**** Data records
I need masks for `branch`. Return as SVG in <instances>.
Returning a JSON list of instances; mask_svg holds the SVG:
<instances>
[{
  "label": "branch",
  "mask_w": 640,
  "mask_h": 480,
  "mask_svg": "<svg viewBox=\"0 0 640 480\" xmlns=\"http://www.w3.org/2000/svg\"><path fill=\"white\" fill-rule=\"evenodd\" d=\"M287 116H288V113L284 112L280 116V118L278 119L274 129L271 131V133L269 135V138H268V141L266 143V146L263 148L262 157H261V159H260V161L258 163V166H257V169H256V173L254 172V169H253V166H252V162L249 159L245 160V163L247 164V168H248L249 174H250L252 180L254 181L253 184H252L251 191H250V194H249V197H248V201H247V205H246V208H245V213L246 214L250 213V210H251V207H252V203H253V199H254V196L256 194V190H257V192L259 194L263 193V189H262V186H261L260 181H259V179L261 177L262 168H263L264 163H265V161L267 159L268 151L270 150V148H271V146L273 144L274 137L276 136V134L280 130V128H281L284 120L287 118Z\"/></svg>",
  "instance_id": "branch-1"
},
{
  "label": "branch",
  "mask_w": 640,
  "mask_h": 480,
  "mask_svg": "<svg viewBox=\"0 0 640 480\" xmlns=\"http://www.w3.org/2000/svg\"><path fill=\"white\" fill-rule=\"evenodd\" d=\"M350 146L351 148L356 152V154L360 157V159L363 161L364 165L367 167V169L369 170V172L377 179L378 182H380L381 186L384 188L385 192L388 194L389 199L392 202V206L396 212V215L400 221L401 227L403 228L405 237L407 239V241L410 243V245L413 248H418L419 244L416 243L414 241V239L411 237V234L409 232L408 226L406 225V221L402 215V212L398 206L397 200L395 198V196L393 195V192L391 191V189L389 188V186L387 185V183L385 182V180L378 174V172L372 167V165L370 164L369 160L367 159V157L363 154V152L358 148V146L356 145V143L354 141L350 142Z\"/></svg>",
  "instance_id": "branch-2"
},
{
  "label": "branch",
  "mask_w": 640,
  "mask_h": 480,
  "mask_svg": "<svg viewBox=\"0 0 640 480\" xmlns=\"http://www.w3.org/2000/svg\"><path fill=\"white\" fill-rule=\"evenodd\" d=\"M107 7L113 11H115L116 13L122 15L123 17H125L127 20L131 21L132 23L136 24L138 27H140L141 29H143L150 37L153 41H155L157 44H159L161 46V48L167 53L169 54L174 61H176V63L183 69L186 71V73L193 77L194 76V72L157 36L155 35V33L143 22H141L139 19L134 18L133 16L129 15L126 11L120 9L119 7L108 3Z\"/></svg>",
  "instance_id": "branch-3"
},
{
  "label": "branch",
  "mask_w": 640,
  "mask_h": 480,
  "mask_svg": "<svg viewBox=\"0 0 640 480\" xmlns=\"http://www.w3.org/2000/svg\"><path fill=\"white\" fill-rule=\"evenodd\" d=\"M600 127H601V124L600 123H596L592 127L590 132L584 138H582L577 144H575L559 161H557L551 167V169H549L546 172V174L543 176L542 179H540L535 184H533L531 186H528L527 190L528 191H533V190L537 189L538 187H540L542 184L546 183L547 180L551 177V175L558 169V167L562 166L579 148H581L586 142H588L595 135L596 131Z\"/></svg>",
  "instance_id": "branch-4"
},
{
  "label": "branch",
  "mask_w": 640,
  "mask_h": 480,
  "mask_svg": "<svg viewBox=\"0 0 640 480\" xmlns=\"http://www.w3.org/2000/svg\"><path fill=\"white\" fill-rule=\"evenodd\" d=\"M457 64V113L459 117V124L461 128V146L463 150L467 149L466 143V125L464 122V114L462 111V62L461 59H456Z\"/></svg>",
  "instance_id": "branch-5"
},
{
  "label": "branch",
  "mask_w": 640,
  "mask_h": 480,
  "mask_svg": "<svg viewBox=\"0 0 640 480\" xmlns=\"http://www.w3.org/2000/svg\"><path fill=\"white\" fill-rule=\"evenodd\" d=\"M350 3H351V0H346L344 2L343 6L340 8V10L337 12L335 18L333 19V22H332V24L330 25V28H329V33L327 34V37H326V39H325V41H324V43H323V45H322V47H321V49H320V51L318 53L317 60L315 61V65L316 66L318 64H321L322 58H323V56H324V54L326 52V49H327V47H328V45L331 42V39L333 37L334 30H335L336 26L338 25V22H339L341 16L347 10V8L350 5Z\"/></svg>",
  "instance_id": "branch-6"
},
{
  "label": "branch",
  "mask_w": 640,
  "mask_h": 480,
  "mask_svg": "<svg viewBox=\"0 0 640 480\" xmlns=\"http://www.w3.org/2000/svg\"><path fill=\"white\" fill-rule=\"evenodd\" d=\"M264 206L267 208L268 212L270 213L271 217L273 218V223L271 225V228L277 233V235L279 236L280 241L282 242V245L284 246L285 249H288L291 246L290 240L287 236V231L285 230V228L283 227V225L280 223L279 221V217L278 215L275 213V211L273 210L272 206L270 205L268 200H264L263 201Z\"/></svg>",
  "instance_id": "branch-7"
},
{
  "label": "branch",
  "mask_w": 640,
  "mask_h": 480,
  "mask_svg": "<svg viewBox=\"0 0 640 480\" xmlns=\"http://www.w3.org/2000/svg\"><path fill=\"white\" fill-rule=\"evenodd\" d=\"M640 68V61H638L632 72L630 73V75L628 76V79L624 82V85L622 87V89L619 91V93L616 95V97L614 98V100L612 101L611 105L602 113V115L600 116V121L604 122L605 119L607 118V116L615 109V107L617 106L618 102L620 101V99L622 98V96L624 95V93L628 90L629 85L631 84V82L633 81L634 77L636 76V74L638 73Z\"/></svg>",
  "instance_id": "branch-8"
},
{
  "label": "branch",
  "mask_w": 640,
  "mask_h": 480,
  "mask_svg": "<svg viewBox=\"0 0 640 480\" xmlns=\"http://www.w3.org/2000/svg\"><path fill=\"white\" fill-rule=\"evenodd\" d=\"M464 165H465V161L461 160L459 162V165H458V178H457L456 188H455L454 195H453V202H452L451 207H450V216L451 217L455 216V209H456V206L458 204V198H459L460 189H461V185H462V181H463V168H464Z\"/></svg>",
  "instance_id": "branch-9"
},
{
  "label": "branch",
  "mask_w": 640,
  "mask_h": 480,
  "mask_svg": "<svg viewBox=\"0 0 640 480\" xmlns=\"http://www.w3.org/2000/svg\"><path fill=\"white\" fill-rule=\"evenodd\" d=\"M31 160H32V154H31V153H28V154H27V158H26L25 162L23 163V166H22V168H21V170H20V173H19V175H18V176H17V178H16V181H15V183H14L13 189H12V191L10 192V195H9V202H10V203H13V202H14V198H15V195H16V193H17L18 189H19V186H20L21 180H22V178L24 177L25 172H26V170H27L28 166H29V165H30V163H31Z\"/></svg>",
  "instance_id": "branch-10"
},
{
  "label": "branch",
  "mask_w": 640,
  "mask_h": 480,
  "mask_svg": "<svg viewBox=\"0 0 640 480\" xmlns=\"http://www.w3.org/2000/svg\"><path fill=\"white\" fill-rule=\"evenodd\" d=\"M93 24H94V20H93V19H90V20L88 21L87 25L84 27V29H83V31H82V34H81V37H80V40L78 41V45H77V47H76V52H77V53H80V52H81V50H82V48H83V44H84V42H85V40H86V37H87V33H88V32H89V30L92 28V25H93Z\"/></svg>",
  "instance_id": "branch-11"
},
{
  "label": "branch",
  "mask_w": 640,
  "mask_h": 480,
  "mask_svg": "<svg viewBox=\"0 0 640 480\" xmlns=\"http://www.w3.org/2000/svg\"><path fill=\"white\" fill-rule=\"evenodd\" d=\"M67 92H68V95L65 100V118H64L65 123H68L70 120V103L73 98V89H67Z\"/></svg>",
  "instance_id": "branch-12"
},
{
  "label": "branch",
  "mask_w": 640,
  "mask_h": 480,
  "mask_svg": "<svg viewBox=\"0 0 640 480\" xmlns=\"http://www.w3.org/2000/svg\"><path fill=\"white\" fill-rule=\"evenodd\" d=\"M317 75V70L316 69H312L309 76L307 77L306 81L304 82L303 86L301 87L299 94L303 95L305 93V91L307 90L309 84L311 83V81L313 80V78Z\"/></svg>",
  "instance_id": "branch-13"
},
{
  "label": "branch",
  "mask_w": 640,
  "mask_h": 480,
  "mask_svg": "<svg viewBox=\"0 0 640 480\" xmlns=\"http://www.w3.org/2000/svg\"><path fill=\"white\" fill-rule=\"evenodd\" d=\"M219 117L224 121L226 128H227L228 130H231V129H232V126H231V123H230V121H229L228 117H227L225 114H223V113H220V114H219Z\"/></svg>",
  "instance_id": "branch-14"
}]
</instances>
********
Report every line in the data that holds "instances", copying each one.

I need masks for `branch`. Return as SVG in <instances>.
Returning a JSON list of instances; mask_svg holds the SVG:
<instances>
</instances>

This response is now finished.